‘Holly Bourne is not an old girlfriend,’ Nick said quietly.
‘More of a bête noire from what I’ve heard,’ Phoebe said. She grinned, reached up and ruffled what was left of her father’s reddish hair, so close to her own shade. ‘Don’t be so stuffy, Dad.’
‘Your father’s quite right,’ Kate said. ‘It was my fault for mentioning her.’
‘Oh, pooh, Kate,’ Phoebe said. ‘Nina doesn’t mind, do you?’
‘Not in the least,’ Nina said, meaning it. Nick had told her all about Holly Bourne, all about the childhood girl-next-door who had turned into a grade-A troublemaker.
‘Let’s go eat dessert.’ Nick got out bowls and spoons. ‘Someone bring the fruit?’
‘I’ve got it.’ Nina picked up the platter.
‘Isn’t that dish too heavy for you, Nina?’ Ford shot Nick a look, but his son-in-law was already halfway through the door.
‘It’s not heavy at all, Dad. Stop fussing.’ Nina went after Nick, Kate following with a jug of cream.
Ethan Miller put down the Chronicle and looked up at Ford. ‘Something worrying you, William?’
‘Only my daughter’s health and happiness,’ Ford answered.
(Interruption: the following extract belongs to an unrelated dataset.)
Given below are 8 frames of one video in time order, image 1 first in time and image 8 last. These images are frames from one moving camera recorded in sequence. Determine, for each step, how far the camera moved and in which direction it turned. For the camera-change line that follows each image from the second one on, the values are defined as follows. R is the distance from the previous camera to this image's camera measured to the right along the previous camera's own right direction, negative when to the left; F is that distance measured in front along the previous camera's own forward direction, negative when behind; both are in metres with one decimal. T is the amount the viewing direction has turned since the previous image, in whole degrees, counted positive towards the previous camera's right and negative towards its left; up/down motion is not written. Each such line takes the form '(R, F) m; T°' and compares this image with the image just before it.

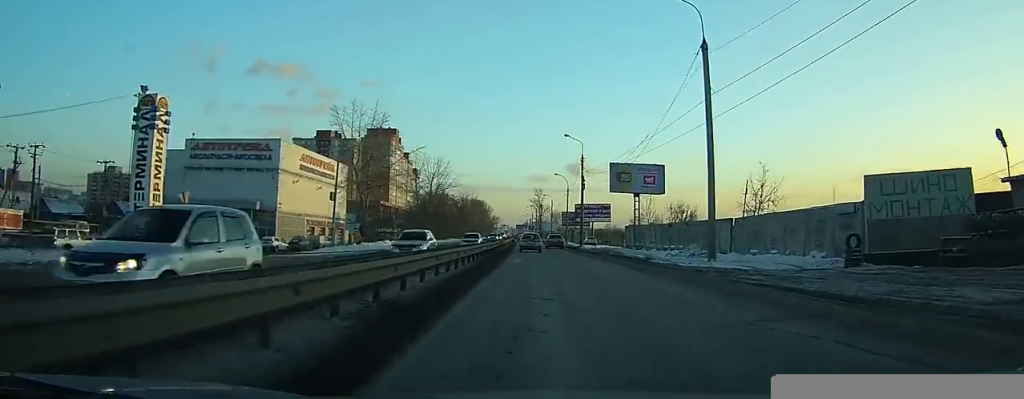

‘Dad, why are you making such a big deal about nothing?’ Phoebe was mildly exasperated.
‘I regard your sister’s health and happiness as a very big deal.’
‘As we all do,’ Ethan told him easily, and left the kitchen, seeking a lighter atmosphere. Ethan hated tension.
‘You have to stop this, Dad,’ Phoebe told her father quietly.
‘Stop what exactly?’
‘You know perfectly well what. Trying to find fault with Nick when we both know that Nina hasn’t been this happy in years.’
‘All the more reason to want to protect her, in my book.’ Ford was only fifty-two, but his face had grown craggy with years, and his green eyes, whenever he was angry or suspicious, came close to disappearing between furrows of creasing skin. ‘Considering what she’s been through.’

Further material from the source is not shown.